> **THE PROBLEM**
Copy out all the data, word for word.
### GIVEN ENTRIES
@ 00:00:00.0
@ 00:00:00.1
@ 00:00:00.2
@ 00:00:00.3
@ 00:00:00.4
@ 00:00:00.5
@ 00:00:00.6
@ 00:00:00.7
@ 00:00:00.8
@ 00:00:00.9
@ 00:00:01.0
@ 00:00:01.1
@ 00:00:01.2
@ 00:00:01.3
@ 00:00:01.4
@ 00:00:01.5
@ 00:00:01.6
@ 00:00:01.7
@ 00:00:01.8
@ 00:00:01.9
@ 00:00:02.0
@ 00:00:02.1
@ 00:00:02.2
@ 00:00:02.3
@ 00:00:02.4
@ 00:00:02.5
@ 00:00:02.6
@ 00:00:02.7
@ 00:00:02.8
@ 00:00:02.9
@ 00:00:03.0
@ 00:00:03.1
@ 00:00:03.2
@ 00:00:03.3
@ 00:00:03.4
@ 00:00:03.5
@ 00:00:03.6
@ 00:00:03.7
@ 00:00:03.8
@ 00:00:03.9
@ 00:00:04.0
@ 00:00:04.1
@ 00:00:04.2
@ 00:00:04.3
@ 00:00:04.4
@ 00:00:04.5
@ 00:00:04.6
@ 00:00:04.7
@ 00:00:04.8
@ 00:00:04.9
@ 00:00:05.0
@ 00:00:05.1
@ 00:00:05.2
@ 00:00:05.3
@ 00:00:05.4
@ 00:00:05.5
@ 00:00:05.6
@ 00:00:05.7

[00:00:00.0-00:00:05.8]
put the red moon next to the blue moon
######
> **ANSWER SPACE**
@ 00:00:00.0
@ 00:00:00.1
@ 00:00:00.2
@ 00:00:00.3
@ 00:00:00.4
@ 00:00:00.5
@ 00:00:00.6
@ 00:00:00.7
@ 00:00:00.8
@ 00:00:00.9
@ 00:00:01.0
@ 00:00:01.1
@ 00:00:01.2
@ 00:00:01.3
@ 00:00:01.4
@ 00:00:01.5
@ 00:00:01.6
@ 00:00:01.7
@ 00:00:01.8
@ 00:00:01.9
@ 00:00:02.0
@ 00:00:02.1
@ 00:00:02.2
@ 00:00:02.3
@ 00:00:02.4
@ 00:00:02.5
@ 00:00:02.6
@ 00:00:02.7
@ 00:00:02.8
@ 00:00:02.9
@ 00:00:03.0
@ 00:00:03.1
@ 00:00:03.2
@ 00:00:03.3
@ 00:00:03.4
@ 00:00:03.5
@ 00:00:03.6
@ 00:00:03.7
@ 00:00:03.8
@ 00:00:03.9
@ 00:00:04.0
@ 00:00:04.1
@ 00:00:04.2
@ 00:00:04.3
@ 00:00:04.4
@ 00:00:04.5
@ 00:00:04.6
@ 00:00:04.7
@ 00:00:04.8
@ 00:00:04.9
@ 00:00:05.0
@ 00:00:05.1
@ 00:00:05.2
@ 00:00:05.3
@ 00:00:05.4
@ 00:00:05.5
@ 00:00:05.6
@ 00:00:05.7

[00:00:00.0-00:00:05.8]
put the red moon next to the blue moon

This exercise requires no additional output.